Değerli arkadaşlarım bir şey daha var son günlerde dile gelen. Kızılay'ın bir paravan olarak kullanılması. Ensar Vakfı'na yapılan bağış. Kızılay zaten bağış alan bir kurum neden başka bir yere bağış yapsın? Yurt yapacaksa kendisi yapar. Meneton Adası'nda gökdelen yapıyorlar. Amerika'nın en pahalı yeri. Efendim orada öğrenciler kalacakmış .Yurtta öğrenciler mi kalacak, yoksa saray yandaşları geleceklerini orada garanti altına mı alacaklar. Bu yıl KYK'ya başvuranlardan 60 bin kişi yer bulamadı. Sen bırakmışsın Türkiye'de yurdu Amerika'da yapacağım diyorsun. Bizim Amerika'daki temsilcimiz bu konuyu araştırıyor. Türgev aracılığıyla öyle bir para geldi mi diye? Henüz bulamadı. Gelmemiş. Kızılay gibi bir kurum vergi kaçırmaya nasıl paravan olur.
Daha önce Man Adası'ndan bahsetmiştim. Devlete vergi ödememek için dolarları buradan gönderdiler, oradan Türkiye'ye getirdiler beş kuruş vergi ödemediler. Bunu dile getirdim, belgeselini yaptık, mahkemeden yasaklama kararını çıkarttılar. O hâkime de seslenmek isterim. Sende vicdan, ahlak, hukukun kırıntısı var mı acaba ya? Niçin? Duymasın vatandaş! Duyacaklar! Sen milleti mi kandırıyorsun! Arkadaşlarımız araştırma önergesi verecekler. Adım gibi biliyorum, MHP ve AKP hayır diyecekler önergeye. Ne gerek var! Erdoğan ve Bahçeli diyecekler. Üstelik bağışı yaptığınız yer de çocuk tacizinden sabıkalı olan bir yer. Buna gerekçeyi Kızılay başkanı buluyor.

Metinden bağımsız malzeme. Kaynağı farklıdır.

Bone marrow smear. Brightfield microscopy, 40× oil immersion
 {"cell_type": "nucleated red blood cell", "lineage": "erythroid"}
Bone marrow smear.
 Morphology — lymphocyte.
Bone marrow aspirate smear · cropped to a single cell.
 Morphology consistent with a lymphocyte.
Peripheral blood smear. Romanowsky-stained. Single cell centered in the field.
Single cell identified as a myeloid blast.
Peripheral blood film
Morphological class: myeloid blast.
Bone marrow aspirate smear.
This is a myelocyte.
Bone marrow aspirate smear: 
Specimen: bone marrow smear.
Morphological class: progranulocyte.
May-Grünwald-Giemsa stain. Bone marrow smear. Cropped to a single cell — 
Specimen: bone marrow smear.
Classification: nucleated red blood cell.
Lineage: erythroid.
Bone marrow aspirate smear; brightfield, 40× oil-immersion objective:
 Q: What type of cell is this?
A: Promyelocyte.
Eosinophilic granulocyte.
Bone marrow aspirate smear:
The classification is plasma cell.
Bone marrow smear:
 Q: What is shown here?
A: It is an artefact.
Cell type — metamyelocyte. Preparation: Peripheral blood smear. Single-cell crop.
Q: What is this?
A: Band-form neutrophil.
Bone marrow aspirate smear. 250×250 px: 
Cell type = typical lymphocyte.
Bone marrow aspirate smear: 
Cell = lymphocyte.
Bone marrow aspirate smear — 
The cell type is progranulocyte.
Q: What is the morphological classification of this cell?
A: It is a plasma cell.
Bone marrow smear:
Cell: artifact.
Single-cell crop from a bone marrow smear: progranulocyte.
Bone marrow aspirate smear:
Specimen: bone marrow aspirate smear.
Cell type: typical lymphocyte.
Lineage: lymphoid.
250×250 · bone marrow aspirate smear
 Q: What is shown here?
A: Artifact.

Efendim bu bir vergi kaçakçılığı değil, vergiden kaçınmadır diye. Öğretmişler. Hayır efendim hayır bu açıkça fakir fukaranın hakkının soyulması demektir. 8 milyon dolar Hazine'ye gitseydi, bu 60 bin öğrencinin yurdu yoktu değil mi? Bakın öğrencilere burs veremiyorlar. 285 bin öğrencinin ahdi vardır burada.

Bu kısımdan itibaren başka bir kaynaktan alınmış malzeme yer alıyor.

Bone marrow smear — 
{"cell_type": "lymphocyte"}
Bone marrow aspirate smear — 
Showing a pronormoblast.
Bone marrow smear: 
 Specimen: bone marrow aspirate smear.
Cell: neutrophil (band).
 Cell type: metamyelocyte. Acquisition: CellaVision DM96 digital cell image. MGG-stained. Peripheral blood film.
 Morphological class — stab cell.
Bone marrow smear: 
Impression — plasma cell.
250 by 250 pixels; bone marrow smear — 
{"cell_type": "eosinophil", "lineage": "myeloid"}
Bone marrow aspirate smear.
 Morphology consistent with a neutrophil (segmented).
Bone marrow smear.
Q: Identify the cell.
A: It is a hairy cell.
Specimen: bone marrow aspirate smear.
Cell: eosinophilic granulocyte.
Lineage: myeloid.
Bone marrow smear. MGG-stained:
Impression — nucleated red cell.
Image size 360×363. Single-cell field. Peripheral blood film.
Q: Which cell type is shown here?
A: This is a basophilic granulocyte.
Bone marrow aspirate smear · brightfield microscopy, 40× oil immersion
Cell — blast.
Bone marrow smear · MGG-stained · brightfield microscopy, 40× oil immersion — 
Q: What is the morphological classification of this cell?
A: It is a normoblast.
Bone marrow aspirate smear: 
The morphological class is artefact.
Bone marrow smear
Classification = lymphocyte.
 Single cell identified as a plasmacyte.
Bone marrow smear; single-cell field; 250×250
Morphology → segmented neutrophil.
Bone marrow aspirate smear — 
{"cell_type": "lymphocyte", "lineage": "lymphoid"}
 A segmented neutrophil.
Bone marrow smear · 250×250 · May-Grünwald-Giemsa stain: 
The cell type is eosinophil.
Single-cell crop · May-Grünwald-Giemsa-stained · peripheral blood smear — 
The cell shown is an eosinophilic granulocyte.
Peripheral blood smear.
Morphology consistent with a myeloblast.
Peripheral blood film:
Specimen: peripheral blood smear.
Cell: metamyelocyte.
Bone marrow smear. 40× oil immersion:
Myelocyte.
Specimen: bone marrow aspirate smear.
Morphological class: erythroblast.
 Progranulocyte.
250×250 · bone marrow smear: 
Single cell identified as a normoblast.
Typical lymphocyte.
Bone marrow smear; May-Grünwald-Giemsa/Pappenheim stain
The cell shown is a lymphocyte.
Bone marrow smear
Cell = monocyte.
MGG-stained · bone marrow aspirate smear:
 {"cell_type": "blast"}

Kızılay gibi bir kurum içten içe çürüyorsa o zaman devlet çürüyor demektir. Neden liyakat diyorum, devlet çürümesin diye. Bunun adı peçelemektir, malı götürmektir. Hülle ile Kızılay'ı kullanarak vergi kaçırma yoluna giderseniz bunun vebali ağırdır. Ha olması gereken ne? Kızılay yönetiminin istifa etmesi lazım. Ahlaklı bir yönetim varsa istifa etmesi lazım. Kim bilir arkasından daha neler çıkacak. Araştırma önergesi kabul edilirse Kızılay'ın hangi partinin arka bahçesine dönüştüğünü göreceğiz.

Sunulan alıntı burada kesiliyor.